See also: Machine learning terms
Temporal data is data where each observation is tagged with a timestamp, so the order in which observations arrive carries meaning. The most familiar form is a time series, a sequence of numerical values measured at successive points in time, but the term covers a wider family of structures including event streams, panel data, and irregularly sampled clinical records. Because adjacent observations are usually correlated rather than independent, temporal data breaks the i.i.d. assumption that underpins most of classical machine learning, which is why it has its own modeling traditions stretching back to the 1920s with Yule's autoregressive work and crystallizing in 1970 with the Box and Jenkins textbook on ARIMA.
The defining property of temporal data is that every record carries a timestamp and the timestamp matters. Three common shapes show up in practice:
| shape | example | typical task |
|---|---|---|
| time series (regular) | hourly electricity load, daily stock close, monthly retail sales | forecasting, anomaly detection, classification |
| time series (irregular) | trades on an order book, hospital lab results, IoT telemetry with dropouts | imputation, intensity modeling, point processes |
| panel or longitudinal | the same set of patients measured monthly for two years | mixed-effects models, survival analysis |
| event stream | clickstream, log lines, server traces | sessionization, sequence prediction |
A regular time series has equally spaced timestamps, which is the easy case and the one most textbooks assume. Irregular time series, where the gap between observations varies, are the rule rather than the exception in healthcare and finance and need either resampling, masking, or models that ingest the time deltas directly. Panel data sits between cross-sectional and time-series data: many short series, one per entity, often handled with hierarchical or global models that share information across series.
A series is strictly stationary if its joint distribution is invariant under time shifts, and weakly stationary (the version actually used in practice) if its mean, variance, and autocovariance depend only on the lag, not on the absolute time. Most classical methods assume weak stationarity, which is why preprocessing such as differencing, detrending, or seasonal adjustment is so common. If you fit an ARMA model to a series with a strong upward trend, you will get nonsense, because the parameters cannot represent a moving mean.
The Augmented Dickey-Fuller (ADF) test (Said and Dickey 1984) is the standard hypothesis test for a unit root, the technical condition that rules out stationarity.
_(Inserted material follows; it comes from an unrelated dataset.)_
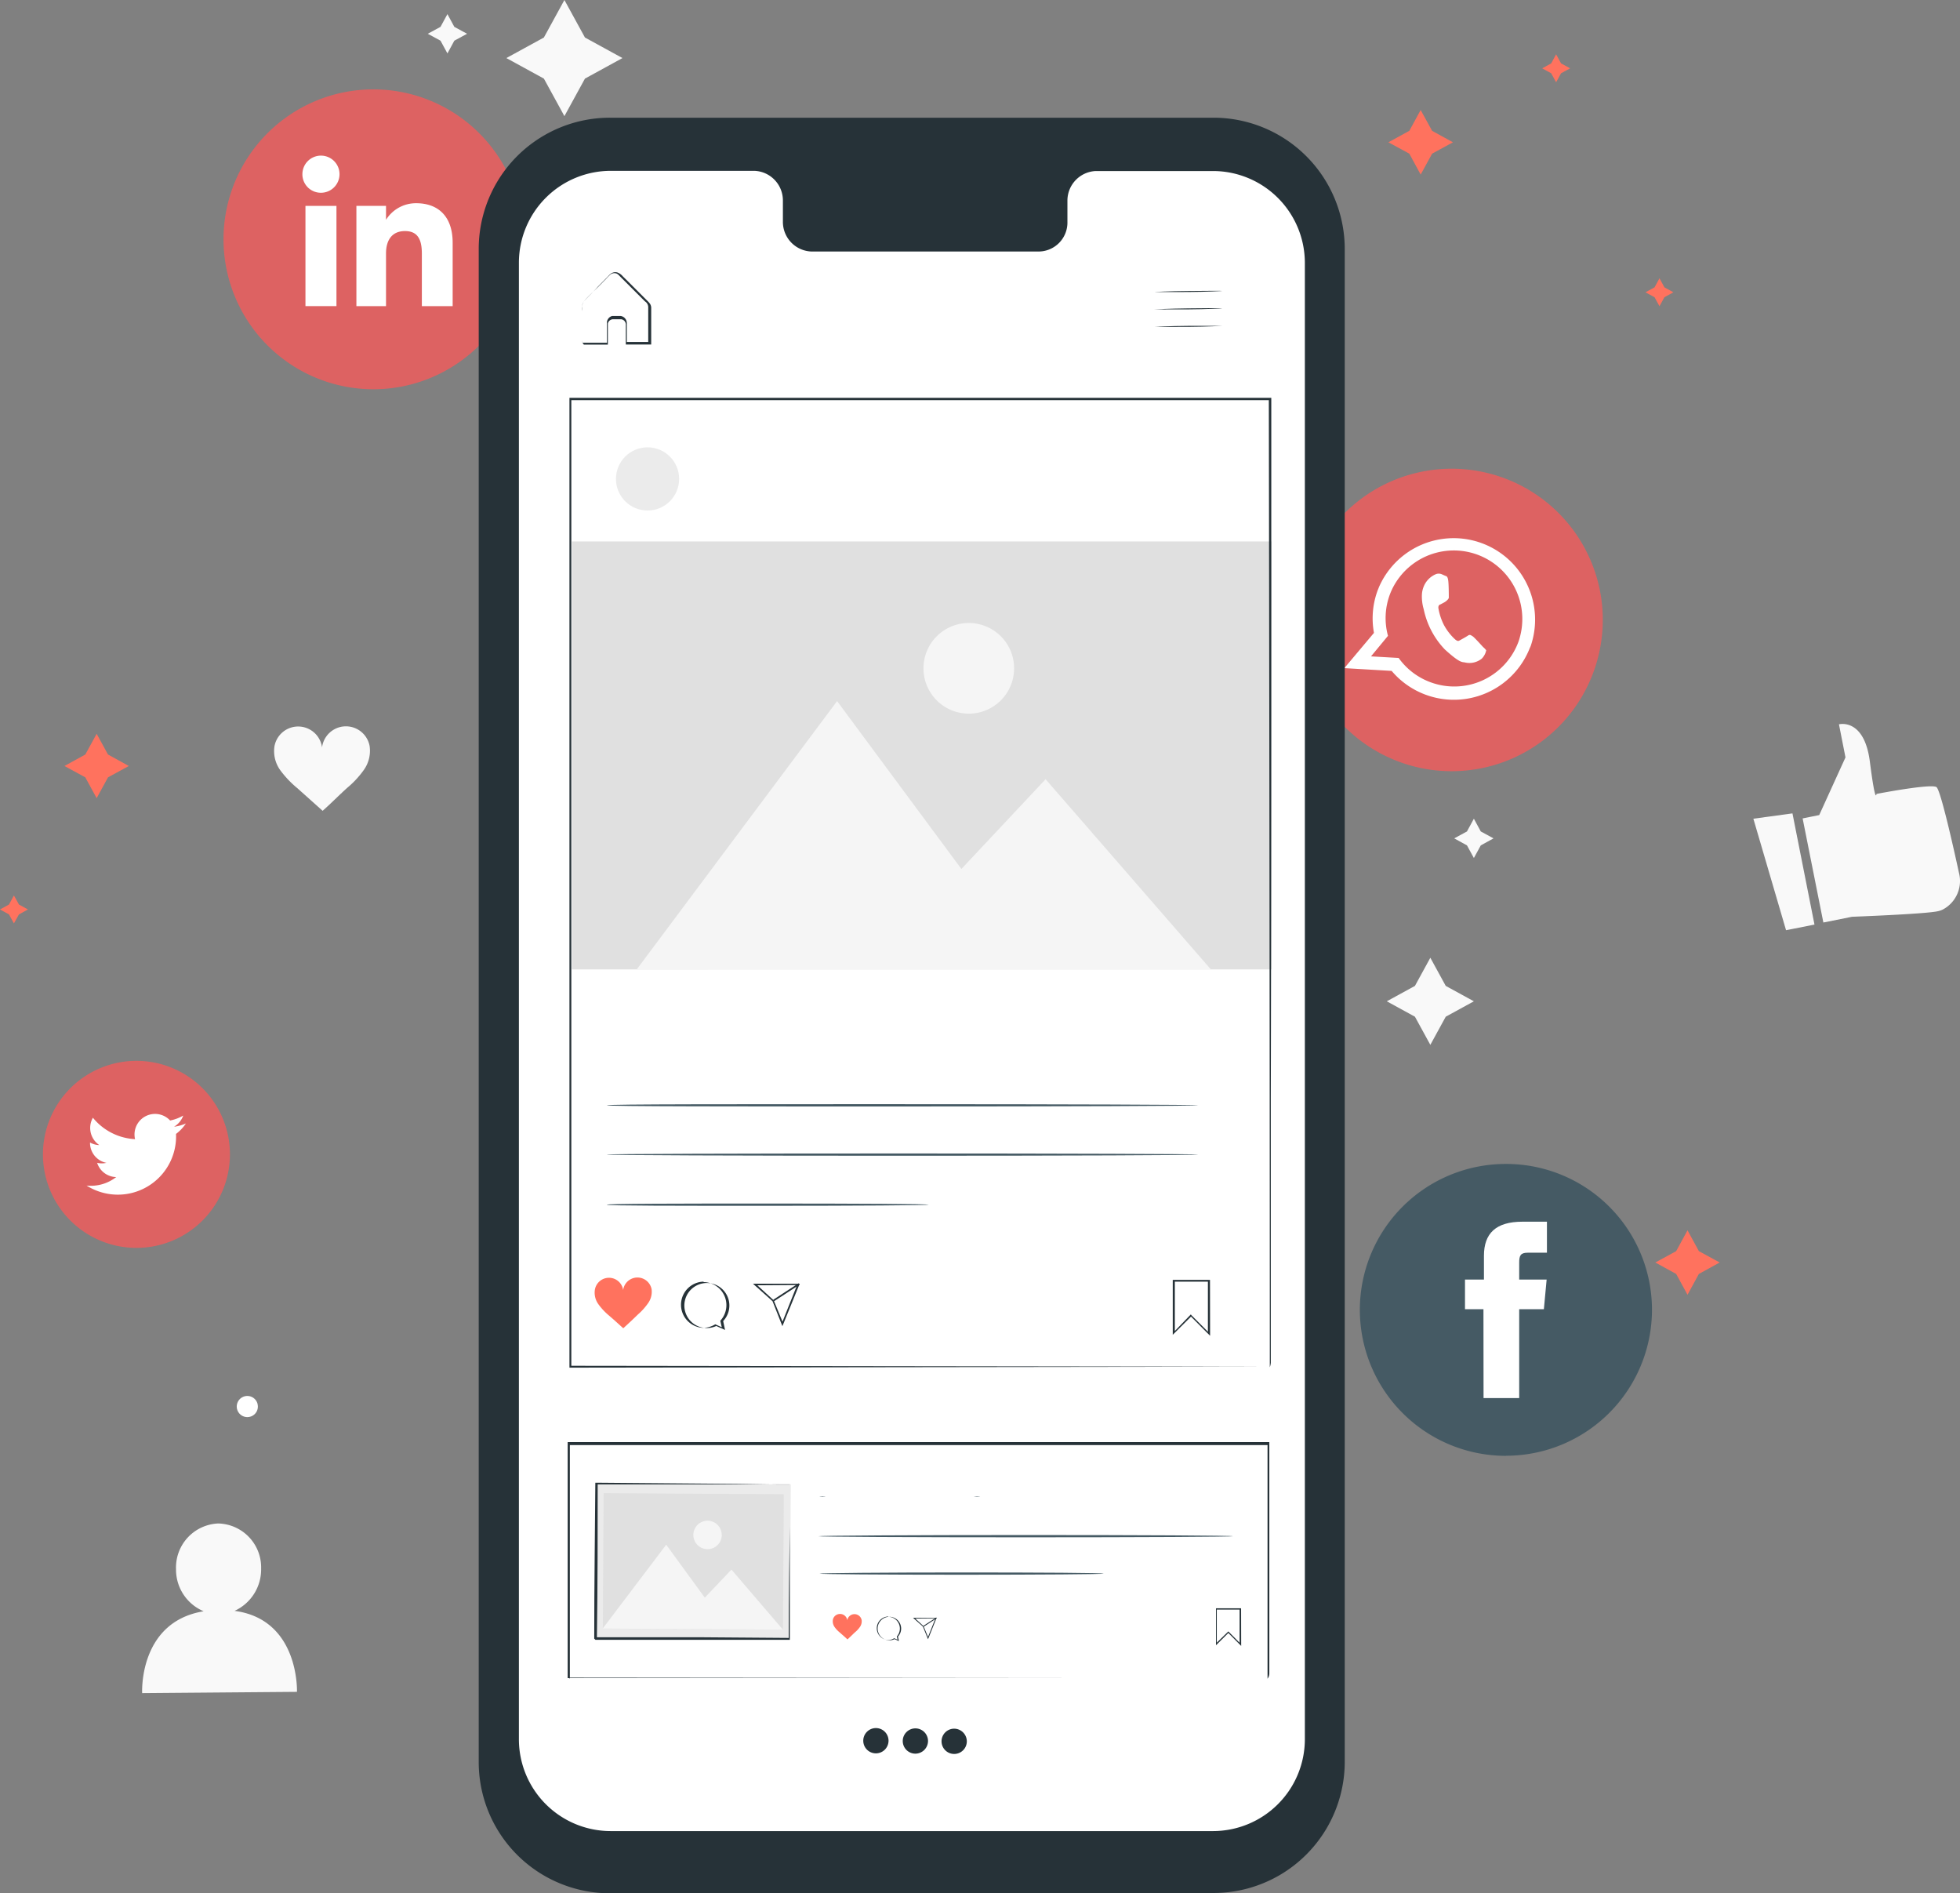 <svg xmlns="http://www.w3.org/2000/svg" viewBox="0 0 198.53 191.73"><rect x="0" y="0" width="198.53" height="191.73" fill="#808080" stroke="none"/><defs><style>.cls-1{fill:#dd6262;}.cls-2,.cls-4{fill:#fff;}.cls-3{fill:#f9f9f9;}.cls-4{fill-rule:evenodd;}.cls-5{fill:#455a64;}.cls-6{fill:#263238;}.cls-7{fill:#ff725e;}.cls-8{fill:#ebebeb;}.cls-9{fill:#e0e0e0;}.cls-10{fill:#f5f5f5;}</style></defs><g id="Layer_2" data-name="Layer 2"><g id="Layer_1-2" data-name="Layer 1"><path class="cls-1" d="M37.82,39.42h0A15.19,15.19,0,0,1,22.64,24.23h0A15.18,15.18,0,0,1,37.82,9.05h0A15.19,15.19,0,0,1,53,24.23h0A15.19,15.19,0,0,1,37.82,39.42Z"/><rect class="cls-2" x="30.94" y="20.85" width="3.14" height="10.15"/><path class="cls-2" d="M32.49,19.52a1.88,1.88,0,1,0-1.86-1.89v0A1.87,1.87,0,0,0,32.49,19.52Z"/><path class="cls-2" d="M39.1,25.67c0-1.42.66-2.27,1.92-2.27s1.71.81,1.71,2.27V31h3.12V24.58c0-2.73-1.53-4-3.69-4a3.57,3.57,0,0,0-3.06,1.68V20.85h-3V31h3Z"/><polygon class="cls-3" points="57.17 0 59.25 3.8 63.05 5.88 59.25 7.96 57.17 11.76 55.09 7.96 51.29 5.88 55.09 3.8 57.17 0"/><polygon class="cls-3" points="144.88 96.99 146.44 99.84 149.29 101.4 146.44 102.96 144.88 105.81 143.32 102.96 140.47 101.4 143.32 99.84 144.88 96.99"/><polygon class="cls-3" points="149.29 82.91 149.99 84.2 151.28 84.9 149.99 85.61 149.29 86.89 148.59 85.61 147.3 84.9 148.59 84.2 149.29 82.91"/><polygon class="cls-3" points="45.32 1.43 46.02 2.72 47.31 3.42 46.02 4.12 45.32 5.41 44.62 4.12 43.33 3.42 44.62 2.72 45.32 1.43"/><path class="cls-3" d="M23.76,163.13a4.62,4.62,0,0,0,2.69-4.29,4.45,4.45,0,0,0-4.35-4.56,4.46,4.46,0,0,0-4.27,4.63,4.57,4.57,0,0,0,2.8,4.26c-6.62,1.08-6.23,8.29-6.23,8.29l15.68-.13S30.35,164,23.76,163.13Z"/><path class="cls-3" d="M37.44,75.55a2.44,2.44,0,0,0-4.82.14,2.44,2.44,0,0,0-4.82-.11A3.31,3.31,0,0,0,28.39,78a10.17,10.17,0,0,0,1.72,1.81l2.57,2.3c.89-.79,1.61-1.53,2.48-2.32a9.52,9.52,0,0,0,1.7-1.83A3.34,3.34,0,0,0,37.44,75.55Z"/><path class="cls-3" d="M182.59,82.88l1.68-.34,2.66-5.84-.66-3.35s2.56-.68,3.13,3.78.67,3.27.67,3.27,5.52-1.07,6.08-.69c.4.29,1.64,5.74,2.28,8.7a3.27,3.27,0,0,1-1.63,3.69,2.08,2.08,0,0,1-.58.19c-1.38.28-8.63.55-8.63.55l-2.9.58Z"/><polygon class="cls-3" points="177.6 82.91 180.91 94.2 183.79 93.63 181.56 82.37 177.6 82.91"/><path class="cls-1" d="M141.58,77.09h0a15.31,15.31,0,0,1-8.85-19.76v0h0a15.31,15.31,0,0,1,19.76-8.86h0a15.3,15.3,0,0,1,8.85,19.76v0h0A15.3,15.3,0,0,1,141.6,77.1Z"/><path class="cls-4" d="M155.06,65.38a8.25,8.25,0,0,0-15.35-6c-.05.11-.09.23-.14.34a8.13,8.13,0,0,0-.4,4.37l-3,3.57,4.79.28a8.26,8.26,0,0,0,14-2.33A1.72,1.72,0,0,0,155.06,65.38Zm-10.24,3.68a6.88,6.88,0,0,1-3.15-2.43l-2.8-.16,1.72-2.08a6.84,6.84,0,0,1,.21-4.24,6.65,6.65,0,0,1,.27-.61,6.94,6.94,0,0,1,12.86,5.05,4.51,4.51,0,0,1-.17.52A6.93,6.93,0,0,1,144.82,69.06Z"/><path class="cls-4" d="M150.22,65.52c-.15-.16-.9-1-1.06-1.09s-.26-.21-.46-.07-.72.42-.88.51-.27,0-.42-.11a5.57,5.57,0,0,1-1.17-1.52,6,6,0,0,1-.54-1.69c0-.23.09-.3.23-.35l.41-.22.1-.07a1.12,1.12,0,0,0,.2-.18.35.35,0,0,0,.12-.33c0-.11,0-1.18-.06-1.62s-.19-.43-.3-.47l-.36-.16a.78.78,0,0,0-.6,0,2.29,2.29,0,0,0-1.25,1.32,2.6,2.6,0,0,0-.15.67,4.54,4.54,0,0,0,.18,1.56,8.34,8.34,0,0,0,2.14,4.07c1.63,1.48,1.74,1.23,2.1,1.33a2,2,0,0,0,1.64-.4,1.68,1.68,0,0,0,.45-.85A2.14,2.14,0,0,0,150.22,65.52Z"/><path class="cls-1" d="M13.82,126.37h0a9.47,9.47,0,0,1-9.47-9.47h0a9.47,9.47,0,0,1,9.47-9.47h0a9.47,9.47,0,0,1,9.47,9.47h0a9.47,9.47,0,0,1-9.47,9.47Z"/><path class="cls-2" d="M8.77,120.06a5.9,5.9,0,0,0,9.06-5.23,4.32,4.32,0,0,0,1-1.06,4.2,4.2,0,0,1-1.2.33,2.15,2.15,0,0,0,.93-1.13,4.2,4.2,0,0,1-1.33.5,2.08,2.08,0,0,0-3.55,1.89,5.9,5.9,0,0,1-4.27-2.17,2.09,2.09,0,0,0,.65,2.77,2,2,0,0,1-.94-.26,2.06,2.06,0,0,0,1.66,2.06,2.13,2.13,0,0,1-.94,0,2.07,2.07,0,0,0,1.93,1.44A4.17,4.17,0,0,1,8.77,120.06Z"/><path class="cls-2" d="M26.09,142.2a1.06,1.06,0,0,1-.8,1.28,1.07,1.07,0,1,1,.8-1.3v0"/><path class="cls-5" d="M152.53,147.43h0a14.79,14.79,0,0,1-14.79-14.78h0a14.78,14.78,0,0,1,14.78-14.78h0a14.77,14.77,0,0,1,14.81,14.76v0h0a14.79,14.79,0,0,1-14.78,14.79Z"/><path class="cls-2" d="M150.27,141.58h3.61v-9h2.5l.28-3h-2.78v-1.72c0-.71.14-1,.86-1h1.95v-3.14H154.2c-2.68,0-3.89,1.18-3.89,3.45v2.41h-1.92v3h1.87Z"/><g id="freepik--Device--inject-13"><path class="cls-6" d="M122.9,191.73l-61.11,0a13.29,13.29,0,0,1-13.3-13.3h0l0-153.2A13.29,13.29,0,0,1,61.81,11.92h0l61.1,0a13.3,13.3,0,0,1,13.3,13.3l0,153.16a13.29,13.29,0,0,1-13.27,13.32Z"/><path class="cls-2" d="M122.88,17.32H111a3,3,0,0,0-2.88,3v2.15a2.93,2.93,0,0,1-2.87,3H82.18a3,3,0,0,1-2.88-3h0V20.3a3,3,0,0,0-2.87-3H61.89a9.31,9.31,0,0,0-9.33,9.29v0l0,149.53a9.3,9.3,0,0,0,9.3,9.31h0l61,0a9.31,9.31,0,0,0,9.31-9.31h0l0-149.54A9.31,9.31,0,0,0,122.88,17.32Z"/><path class="cls-6" d="M123.77,29.47s-1.54.09-3.44.1-3.44,0-3.44,0,1.53-.09,3.44-.1S123.77,29.43,123.77,29.47Z"/><path class="cls-6" d="M123.78,31.23s-1.54.09-3.44.1-3.44,0-3.44,0,1.54-.08,3.44-.1S123.78,31.19,123.78,31.23Z"/><path class="cls-6" d="M123.8,33s-1.54.09-3.44.1-3.44,0-3.45,0,1.55-.09,3.45-.1S123.8,33,123.8,33Z"/><path class="cls-6" d="M59,34.71h.68l1.85,0-.05,0c0-.41,0-.86,0-1.33v-.78A.72.72,0,0,1,62,32h.88a.73.73,0,0,1,.61.72c0,.63,0,1.28,0,2l-.08-.09h2.34l-.09.09c0-.94,0-1.92,0-2.91v-.74a.72.72,0,0,0-.33-.55l-1-1-1-1-.47-.47c-.16-.16-.29-.33-.48-.37a.65.65,0,0,0-.54.11,6.08,6.08,0,0,0-.44.44l-.84.85c-.53.54-1.08,1-1.48,1.52a1.66,1.66,0,0,0-.12.88v3a1.5,1.5,0,0,1,0,.3V33.69c0-.34,0-.83,0-1.33V31.07a1.05,1.05,0,0,1,.13-.49c.45-.52,1-1,1.48-1.56l.84-.85c.15-.15.27-.29.44-.44a.79.79,0,0,1,.68-.14,1.32,1.32,0,0,1,.56.4l.48.47,1,1,1,1a2.35,2.35,0,0,1,.26.29.79.79,0,0,1,.13.39v.75c0,1,0,2,0,2.91v.09H63.39v-2a.54.54,0,0,0-.47-.56h-.85a.55.55,0,0,0-.5.44v2.13H59.14Z"/><path class="cls-5" d="M99.29,151.56a3.55,3.55,0,0,1-.65,0l-1.74,0c-1.47,0-3.51,0-5.76,0s-4.29,0-5.76,0l-1.75,0a3.39,3.39,0,0,1-.64,0,2.72,2.72,0,0,1,.64,0l1.75,0c1.47,0,3.51,0,5.76,0s4.28,0,5.76,0l1.74,0A2.81,2.81,0,0,1,99.29,151.56Z"/><path class="cls-5" d="M124.89,155.57c0,.06-9.38.11-21,.11s-21-.05-21-.11,9.39-.12,21-.12S124.89,155.5,124.89,155.57Z"/><path class="cls-5" d="M111.79,159.36c0,.06-6.44.11-14.4.11S83,159.42,83,159.36s6.45-.12,14.41-.12S111.79,159.28,111.79,159.36Z"/><path class="cls-6" d="M125.72,166.68l-1.3-1.31-1.25,1.24v-3.74h2.54Zm-1.3-1.47,0,0,1.14,1.15V163h-2.31v3.35Z"/><path class="cls-6" d="M91.05,166.19l-.44-.2a1.19,1.19,0,1,1,.35-.26ZM90,163.7a1.19,1.19,0,0,0,0,2.38,1.13,1.13,0,0,0,.57-.18h0l.35.15-.08-.33h0a1.19,1.19,0,0,0-.08-1.68,1.2,1.2,0,0,0-.81-.31Z"/><path class="cls-6" d="M94,166l-.52-1.28-1-.89h2.39Zm-1.29-2.09.84.77.45,1.09.75-1.88Z"/><rect class="cls-6" x="93.42" y="164.22" width="1.56" height="0.09" transform="translate(-74.34 77.95) rotate(-33.05)"/><path class="cls-7" d="M87.28,164.08a.74.74,0,0,0-1.46,0,.73.73,0,0,0-.83-.63.72.72,0,0,0-.63.6,1,1,0,0,0,.18.72,2.71,2.71,0,0,0,.52.55c.27.24.52.45.78.7.27-.24.49-.47.75-.71a2.77,2.77,0,0,0,.52-.56A1,1,0,0,0,87.28,164.08Z"/><path class="cls-6" d="M128.39,170v-1.63c0-1.07,0-2.66,0-4.68,0-4.07,0-10,0-17.43l.08.08-70.87,0h0l.12-.12V170l-.11-.11,50.71.05,14.8,0h.07l-14.78,0-50.79,0h-.12v-23.9h.13l70.87,0h.07v.07c0,7.45,0,13.39,0,17.48v5.86A.91.91,0,0,1,128.39,170Z"/><rect class="cls-8" x="62.39" y="148.31" width="15.7" height="19.63" transform="translate(-88.29 227.45) rotate(-89.67)"/><path class="cls-6" d="M80.09,150.32H74.62l-14.19,0,.11-.1c0,4.68,0,10-.08,15.69l-.11-.11h5.34l5.1,0,9.19.07-.09.09c0-4.71.08-8.62.11-11.37,0-1.36,0-2.44,0-3.19v14.66h-.1l-9.19,0-5.1,0H60.31l-.12-.12c0-5.66.08-11,.11-15.69v-.1h.1l14.23.12,4,.06h1.31Z"/><rect class="cls-9" x="63.37" y="149" width="13.72" height="18.25" transform="translate(-88.3 227.44) rotate(-89.67)"/><polygon class="cls-10" points="61.05 164.92 67.48 156.43 71.39 161.79 74.09 158.95 79.3 165.03 61.05 164.92"/><path class="cls-10" d="M73.11,155.42A1.44,1.44,0,1,1,71.67,154h0a1.43,1.43,0,0,1,1.43,1.44Z"/><path class="cls-6" d="M93.57,48.5h-.22l-.6,0-2.21,0c-1.87,0-4.43,0-7.3,0s-5.42,0-7.29,0l-2.22,0-.6,0h-.21l.21,0h.6l2.22,0c1.87,0,4.43,0,7.29,0s5.43,0,7.3,0l2.21,0h.6Z"/><path class="cls-6" d="M122.57,135.27l-1.93-1.94-1.85,1.84v-5.56h3.77Zm-1.93-2.18,0,.06,1.71,1.71v-5.07H119v5Z"/><path class="cls-6" d="M73.44,134.68l-.89-.4a2.28,2.28,0,1,1,.7-.5Zm-2.12-4.89a2.34,2.34,0,1,0,0,4.68,2.51,2.51,0,0,0,1.13-.36l0,0,.66.3-.15-.66,0,0a2.33,2.33,0,0,0-1.75-3.91Z"/><path class="cls-6" d="M79.25,134.3l-1-2.53L76.27,130,81,130Zm-2.54-4.14,1.66,1.52.89,2.16,1.48-3.71Z"/><rect class="cls-6" x="78.12" y="130.77" width="3.07" height="0.17" transform="translate(-58.48 64.62) rotate(-33.05)"/><path class="cls-7" d="M66,130.55a1.46,1.46,0,0,0-2.88.09,1.45,1.45,0,0,0-2.87,0,2,2,0,0,0,.35,1.42,6.31,6.31,0,0,0,1,1.09c.52.44,1,.88,1.53,1.36.52-.47,1-.92,1.48-1.39a6.28,6.28,0,0,0,1-1.1A2,2,0,0,0,66,130.55Z"/><circle class="cls-8" cx="65.59" cy="48.5" r="3.2"/><path class="cls-5" d="M121.36,116.92c0,.07-13.41.12-29.95.12s-29.95-.05-29.95-.12,13.41-.11,29.95-.11S121.36,116.86,121.36,116.92Z"/><path class="cls-5" d="M121.36,111.93c0,.07-13.41.12-29.95.12s-29.95,0-29.95-.12,13.41-.11,29.95-.11S121.36,111.87,121.36,111.93Z"/><path class="cls-5" d="M94.06,122c0,.06-7.3.11-16.3.11s-16.3,0-16.3-.11,7.3-.12,16.3-.12S94.06,121.92,94.06,122Z"/><path class="cls-6" d="M90,176.32A1.28,1.28,0,1,1,88.78,175,1.28,1.28,0,0,1,90,176.32Z"/><path class="cls-6" d="M94,176.34a1.29,1.29,0,0,1-1.3,1.25,1.28,1.28,0,1,1,1.3-1.26Z"/><path class="cls-6" d="M97.93,176.36a1.28,1.28,0,1,1-1.27-1.3,1.29,1.29,0,0,1,1.27,1.3Z"/><rect class="cls-9" x="57.93" y="54.83" width="70.88" height="43.34"/><polygon class="cls-10" points="64.48 98.19 84.79 71 97.38 88 105.91 78.91 122.65 98.17 64.48 98.19"/><path class="cls-10" d="M102.72,67.67a4.59,4.59,0,1,1-4.59-4.58h0A4.59,4.59,0,0,1,102.72,67.67Z"/><path class="cls-6" d="M128.62,138.46c0-.93,0-40.08-.1-98.05l.1.11H57.75l.12-.12v98l-.1-.09,70.88.09-70.88.1h-.09v-.1c0-27.45,0-61.38,0-98v-.11h71.09v.1c0,29,0,53.53-.05,70.81,0,8.62,0,15.44,0,20.1V138A1.87,1.87,0,0,1,128.62,138.46Z"/></g><g id="freepik--Stars--inject-13"><polygon class="cls-7" points="157.62 5.5 158.12 6.42 159.04 6.92 158.12 7.42 157.62 8.33 157.12 7.42 156.21 6.92 157.12 6.42 157.62 5.5"/><polygon class="cls-7" points="168.09 28.18 168.59 29.1 169.5 29.6 168.59 30.1 168.09 31.01 167.59 30.1 166.67 29.6 167.59 29.1 168.09 28.18"/><polygon class="cls-7" points="1.41 90.68 1.92 91.6 2.83 92.1 1.92 92.6 1.41 93.51 0.91 92.6 0 92.1 0.91 91.6 1.41 90.68"/><polygon class="cls-7" points="143.9 11.14 145.06 13.25 147.17 14.41 145.06 15.56 143.9 17.68 142.75 15.56 140.63 14.41 142.75 13.25 143.9 11.14"/><polygon class="cls-7" points="9.79 74.31 10.94 76.41 13.05 77.57 10.94 78.72 9.79 80.83 8.64 78.72 6.53 77.57 8.64 76.41 9.79 74.31"/><polygon class="cls-7" points="170.93 124.59 172.08 126.7 174.19 127.85 172.08 129.01 170.93 131.12 169.78 129.01 167.67 127.85 169.78 126.7 170.93 124.59"/></g></g></g></svg>

The KPSS test inverts the null hypothesis and is often used alongside ADF as a sanity check. When a series is non-stationary, the typical fix is differencing: replace each value with the gap from the previous value. One pass of differencing removes a linear trend; seasonal differencing at lag m removes a fixed seasonal pattern of period m.
A classical view splits a time series into three components: trend, seasonality, and a residual. The split can be additive (y_t = T_t + S_t + R_t), which is appropriate when the seasonal swing has a roughly constant size, or multiplicative (y_t = T_t * S_t * R_t), which fits series where the seasonal effect grows with the level. STL (Seasonal-Trend decomposition using Loess, Cleveland et al. 1990) is the most widely used implementation and handles a single seasonal period gracefully. MSTL extends it to multiple seasonalities, which matters for hourly data that has both daily and weekly cycles.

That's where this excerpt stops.